Dreaming of space for a fitness/wellness room, a garden area, a learning room/library, and chapel area is all rather exciting. Sometimes I get sad seeing our patients with little to do during their time at our home. While rest and recuperation are important, too much down time can lead to too many negative thoughts and discouragement can settle in – I have seen it. Casa Ahavá needs improvement in this way.

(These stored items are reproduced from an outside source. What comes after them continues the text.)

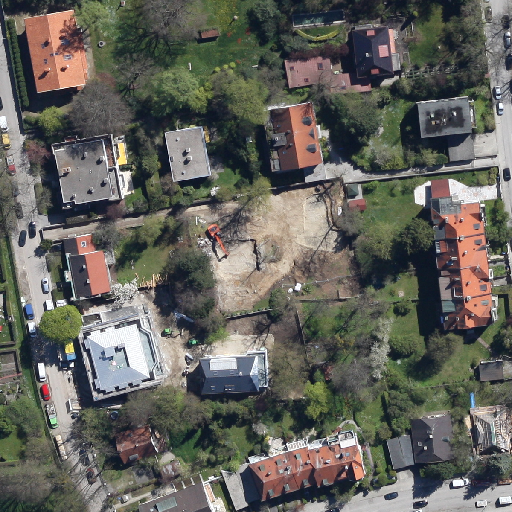
Referring expression: heavy-duty vehicle
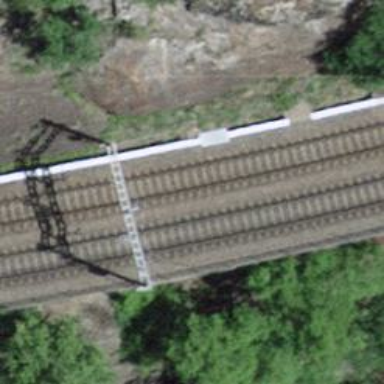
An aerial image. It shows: Railway track with contact line for electrification.
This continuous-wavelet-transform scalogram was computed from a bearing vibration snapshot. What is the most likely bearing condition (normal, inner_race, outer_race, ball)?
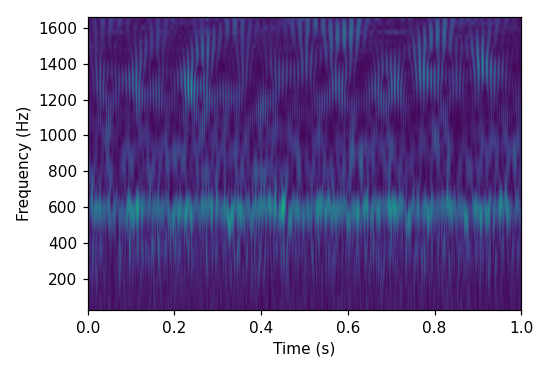
Answer: outer_race
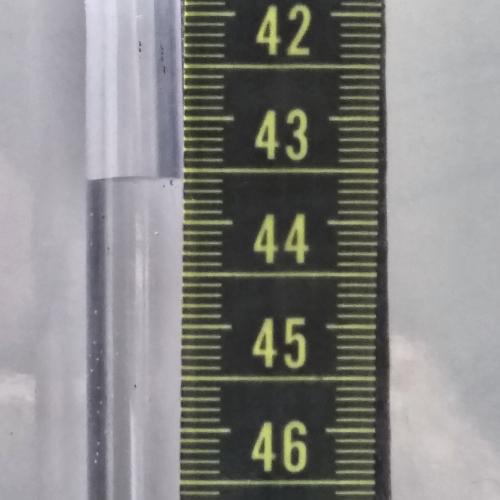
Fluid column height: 43.6 cm
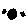
Label: moon
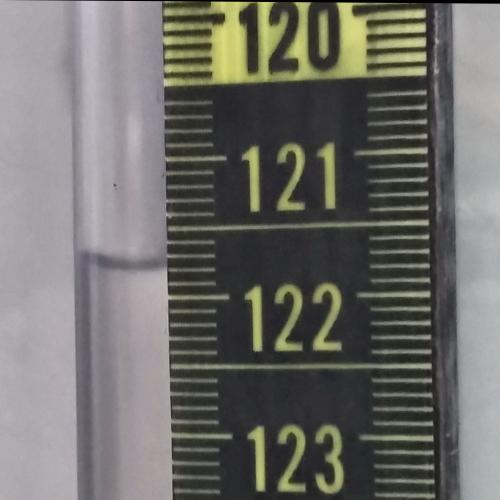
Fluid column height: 121.8 cm
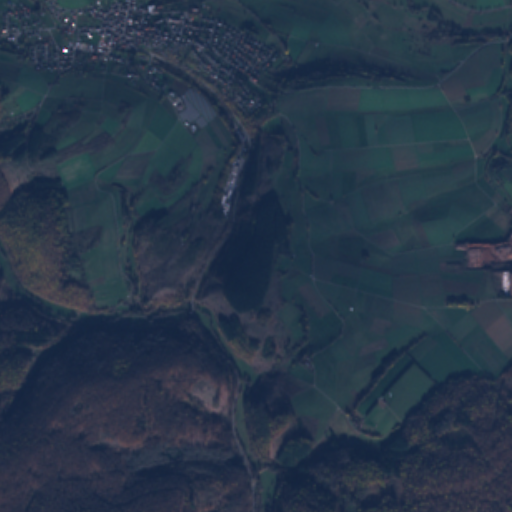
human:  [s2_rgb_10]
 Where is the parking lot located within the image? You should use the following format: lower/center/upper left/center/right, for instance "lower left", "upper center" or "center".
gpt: The parking lot is located in the upper center of the image.
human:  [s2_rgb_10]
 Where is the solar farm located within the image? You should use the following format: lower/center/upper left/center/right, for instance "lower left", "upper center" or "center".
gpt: The solar farm is located in the upper center of the image.
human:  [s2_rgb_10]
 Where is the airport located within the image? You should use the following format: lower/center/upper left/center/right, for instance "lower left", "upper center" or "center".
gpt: There is no airport in the image.
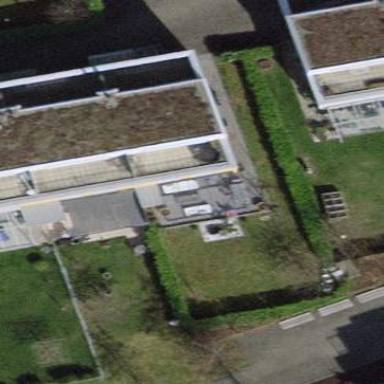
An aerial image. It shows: Terrace building.
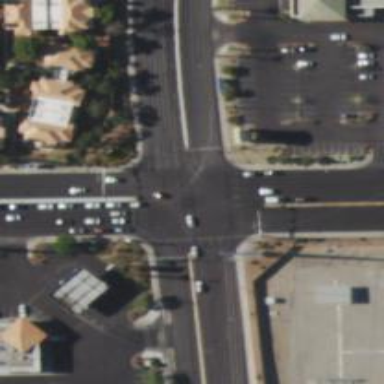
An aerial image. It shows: Solid stop line on the road marking.
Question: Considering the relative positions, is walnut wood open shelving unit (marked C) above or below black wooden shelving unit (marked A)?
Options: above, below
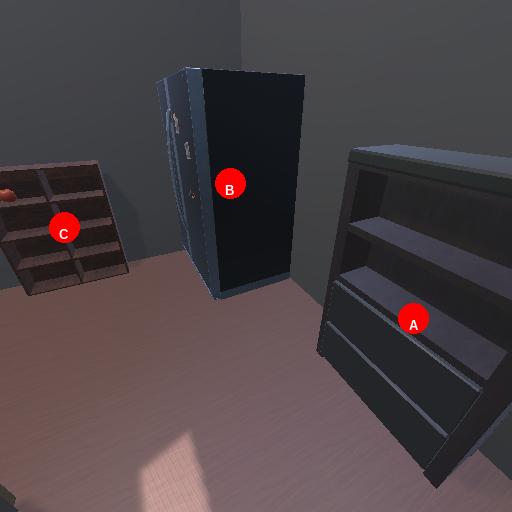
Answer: above
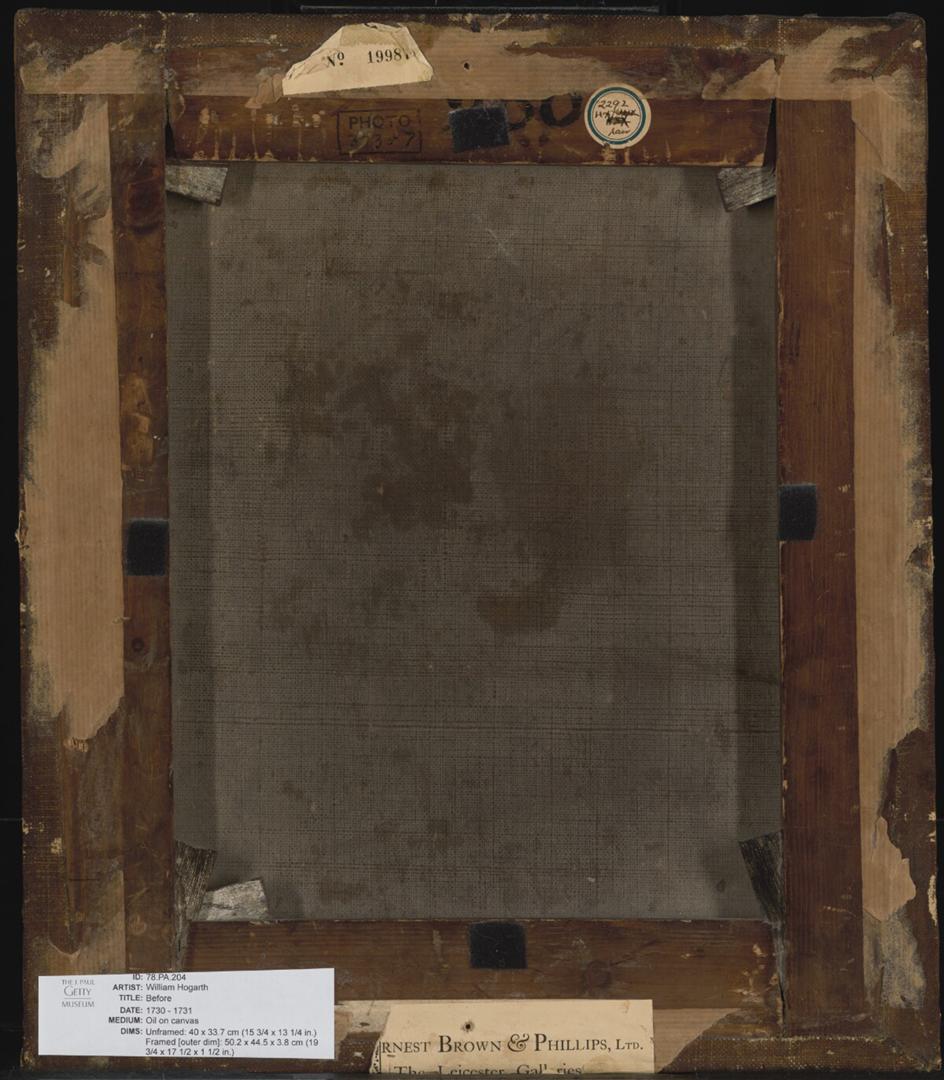
Titel: Before
Künstler: William Hogarth
Standort: Los Angeles
Institution: The J. Paul Getty Museum
Schlagwörter: blau, weiß, grau, holz, kreide, rahmen, rund, schrift, bilderrahmen, papier, rahmung, ölgemälde, blue, grey, painting, zahlen, brown, zettel, kreuz, rückseite, buchstaben, leinwand, stempel, tinte, fragment, wood, rechteckig, paper, cross, writing, filz, letters, kratzer, ink, dokumentation, art, aufkleber, keil, chalk, canvas, stamp, bespannung, alphabet, klammern, auslauf, felt, round, rectangular, william hogarth, maschinenschrift, scratch, documentation, 1998, getty museum, sticker, brackets, provenienz, rechteckiger rahmen, the j. paul getty museum, provenance, rectangular frame, ernests brown & philips ltd, photo 32357, no 19987, 2292, überschreibung, stretched frame, typescript, run-out, stringing, overwriting, provenienzforschung, before, 19987, metadata
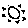
Label: sun
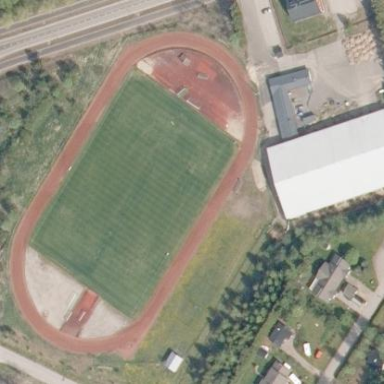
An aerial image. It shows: Sports center with multiple sports facilities.
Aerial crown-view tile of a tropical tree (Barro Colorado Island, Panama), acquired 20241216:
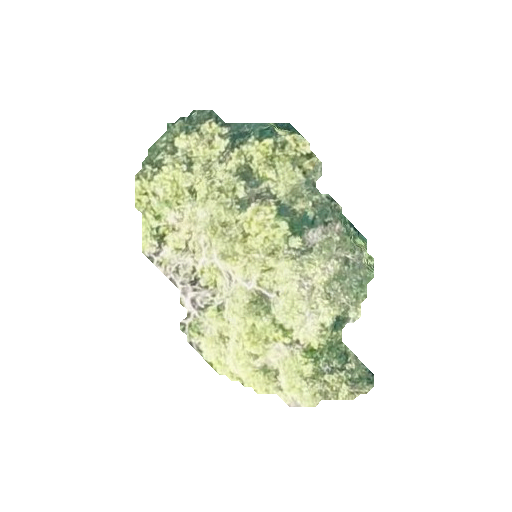
Species: Terminalia amazonia
GBIF accepted scientific name: Terminalia amazonica
Crown area: 70.564 m²
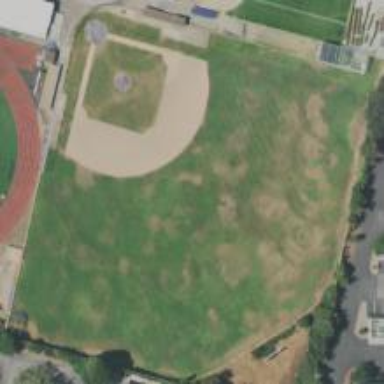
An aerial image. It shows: Baseball pitch for leisure land activities.
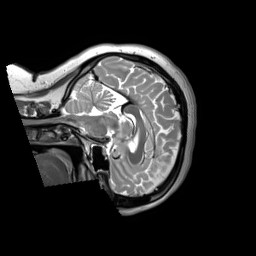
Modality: T2w
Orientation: sagittal
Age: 44
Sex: female
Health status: ill
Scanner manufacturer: siemens
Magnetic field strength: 3 T
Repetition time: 2.8 s
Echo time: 0.326 s
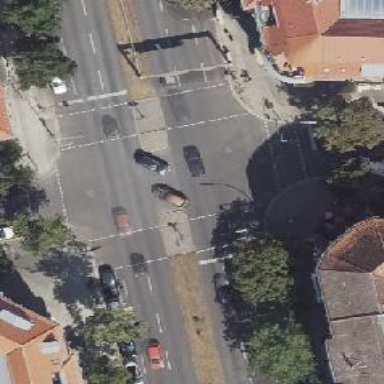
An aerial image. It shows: Secondary road with asphalt surface. There is parallel on-street parking on the right lane.
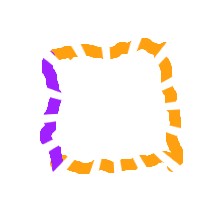
Shape: square
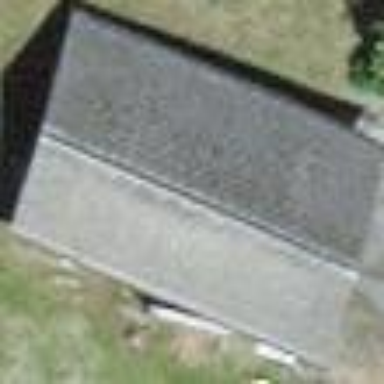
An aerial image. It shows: Shed building.
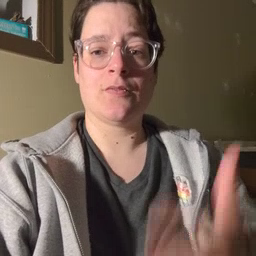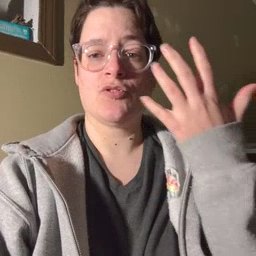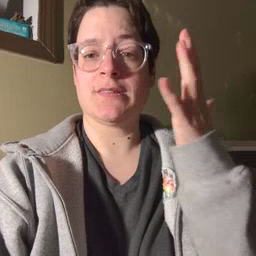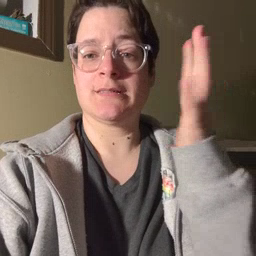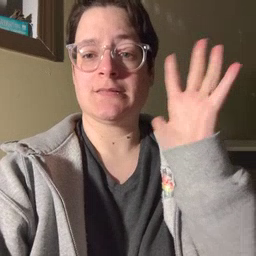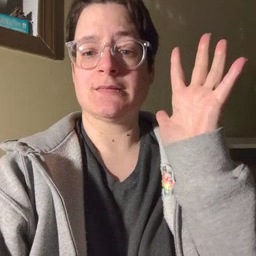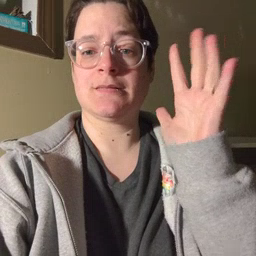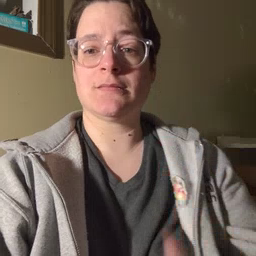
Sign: tree
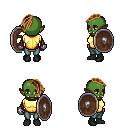
a pixel art fantasy rpg character, female body template, orc, green skin, gold chest armor, teal pants, brown long mohawk hairstyle, metal gloves, black shoes, shield, four views (front, back, left, right), 2x2 character sprite sheet, small pixel art, hard edges, no anti-aliasing
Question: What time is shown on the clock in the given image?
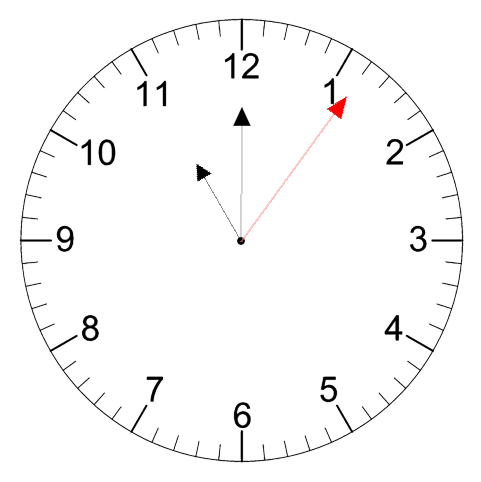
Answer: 11:00:06
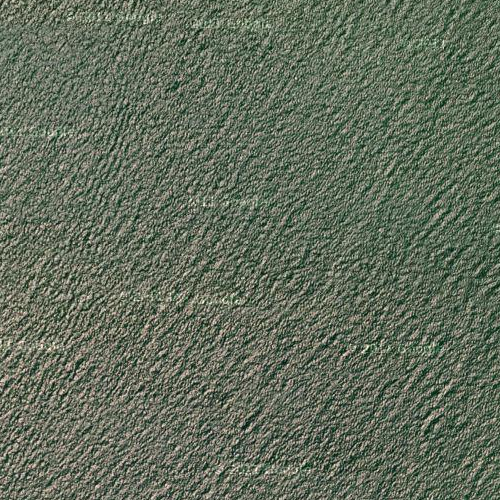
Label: sydney
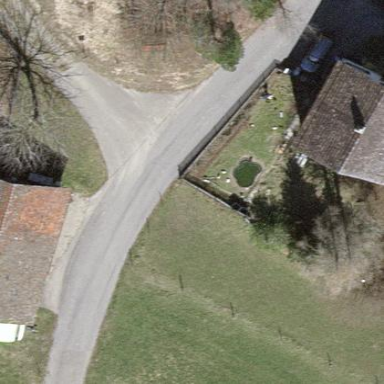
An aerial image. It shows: Farmyard area.
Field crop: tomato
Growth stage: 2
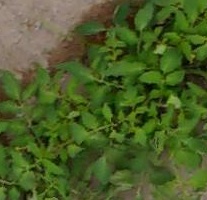
Species: tomato
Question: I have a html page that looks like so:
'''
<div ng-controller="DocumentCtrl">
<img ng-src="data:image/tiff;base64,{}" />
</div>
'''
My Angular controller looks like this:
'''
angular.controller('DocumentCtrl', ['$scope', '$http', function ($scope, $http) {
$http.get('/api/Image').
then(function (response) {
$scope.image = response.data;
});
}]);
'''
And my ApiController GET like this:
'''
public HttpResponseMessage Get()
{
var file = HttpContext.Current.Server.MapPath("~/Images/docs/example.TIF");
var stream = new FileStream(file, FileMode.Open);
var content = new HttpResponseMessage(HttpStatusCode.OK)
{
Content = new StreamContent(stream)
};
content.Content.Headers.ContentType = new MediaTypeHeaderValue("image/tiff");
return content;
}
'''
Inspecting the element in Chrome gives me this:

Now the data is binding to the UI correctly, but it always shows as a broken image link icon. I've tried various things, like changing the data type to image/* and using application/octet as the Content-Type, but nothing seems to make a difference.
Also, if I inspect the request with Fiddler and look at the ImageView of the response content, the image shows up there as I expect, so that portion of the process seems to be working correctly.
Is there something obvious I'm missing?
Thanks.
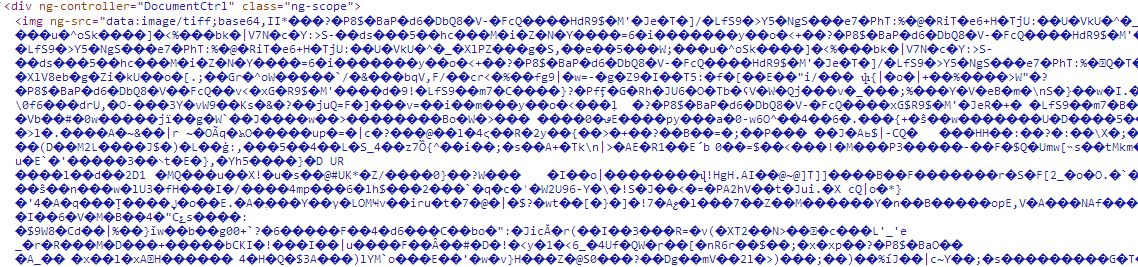
Answer: It appears your server does not render the image base64 encoded (from what I can see), if you base64 encode the image before sending it back then it should be fine.
Take a look at the below fiddle, the same request is used however I base64 encode the response on the 2nd image before assigning it to the scope (used the technique provided by <URL>.
<URL>
'''
$http.get('http://lorempixel.com/50/50/', {responseType: "arraybuffer"}).success(function (resp) {
$scope.image = resp;
// Prep the response for Base64 encoding
var uInt8Array = new Uint8Array(resp);
var i = uInt8Array.length;
var binaryString = new Array(i);
while (i--)
{
binaryString[i] = String.fromCharCode(uInt8Array[i]);
}
var data = binaryString.join('');
// Base64 encoded image and assign it to the scope
$scope.image2 = window.btoa(data);
});
'''
that the fiddle will only work in Chrome and I do not suggest doing base64 encoding client side, best to do it on the server.
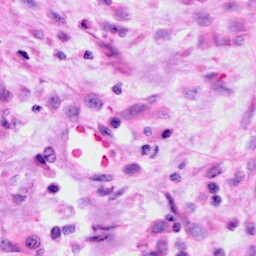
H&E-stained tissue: Cervix
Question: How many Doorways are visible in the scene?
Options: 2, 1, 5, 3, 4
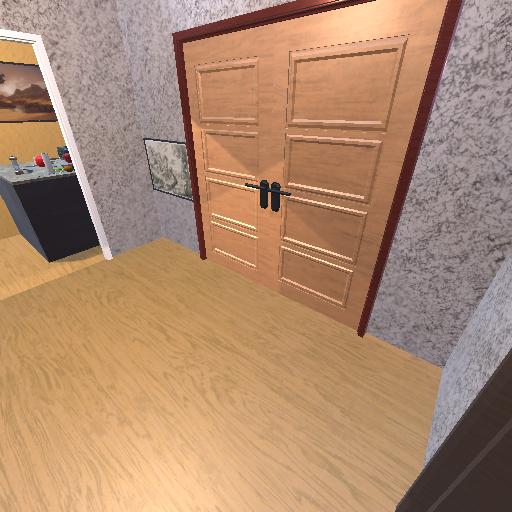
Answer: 2
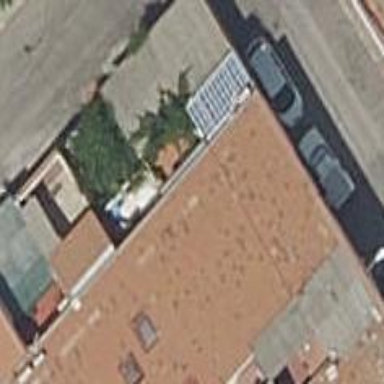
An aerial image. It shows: Terrace building.
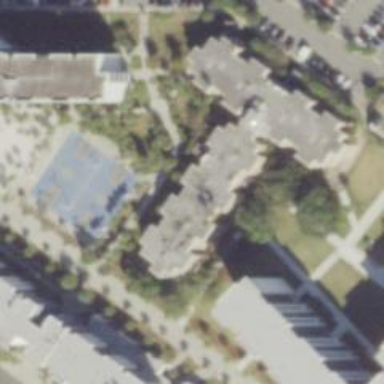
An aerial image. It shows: Dormitory building.
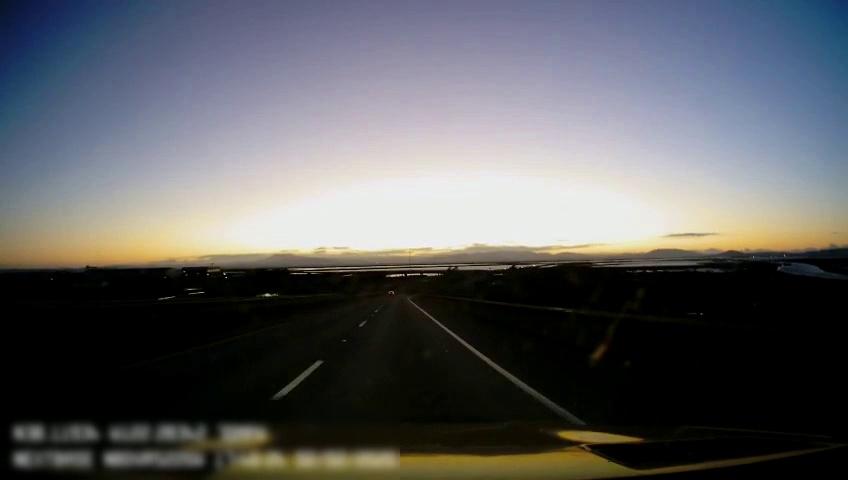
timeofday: Dusk/Dawn/Twilight
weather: Sunny
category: Drivable Space
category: Lanes | Current Lane
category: Lanes | Current Lane
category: Lanes | Alternate Lane
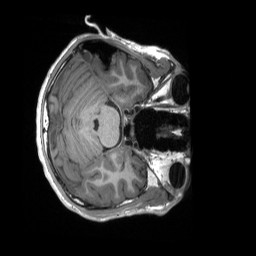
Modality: T1w
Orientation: axial
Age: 15
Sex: male
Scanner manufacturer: siemens
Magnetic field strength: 3 T
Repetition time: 2.3 s
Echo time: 0.00232 s
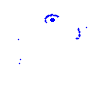
Particle: electron
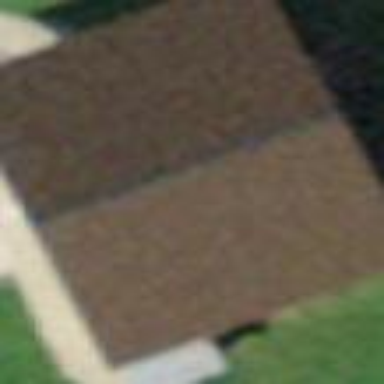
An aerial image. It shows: Barn.

Jon and I have talked multiple times about the Lord and His timing. Right now, we believe the Lord has called us to cast the vision. We are trying to be faithful in that – communicating clearly and to many. If you have questions, let us know! We are not sure when the Lord plans to bring the vision to fruition. It seems like good timing right before furlough to the States, but we’ll see what He is up to, won’t we?

Pray with us! Talk with us! Dream with us!

 

We are so thankful for our team, knowing we are alone as we venture out onto the water. Thank you!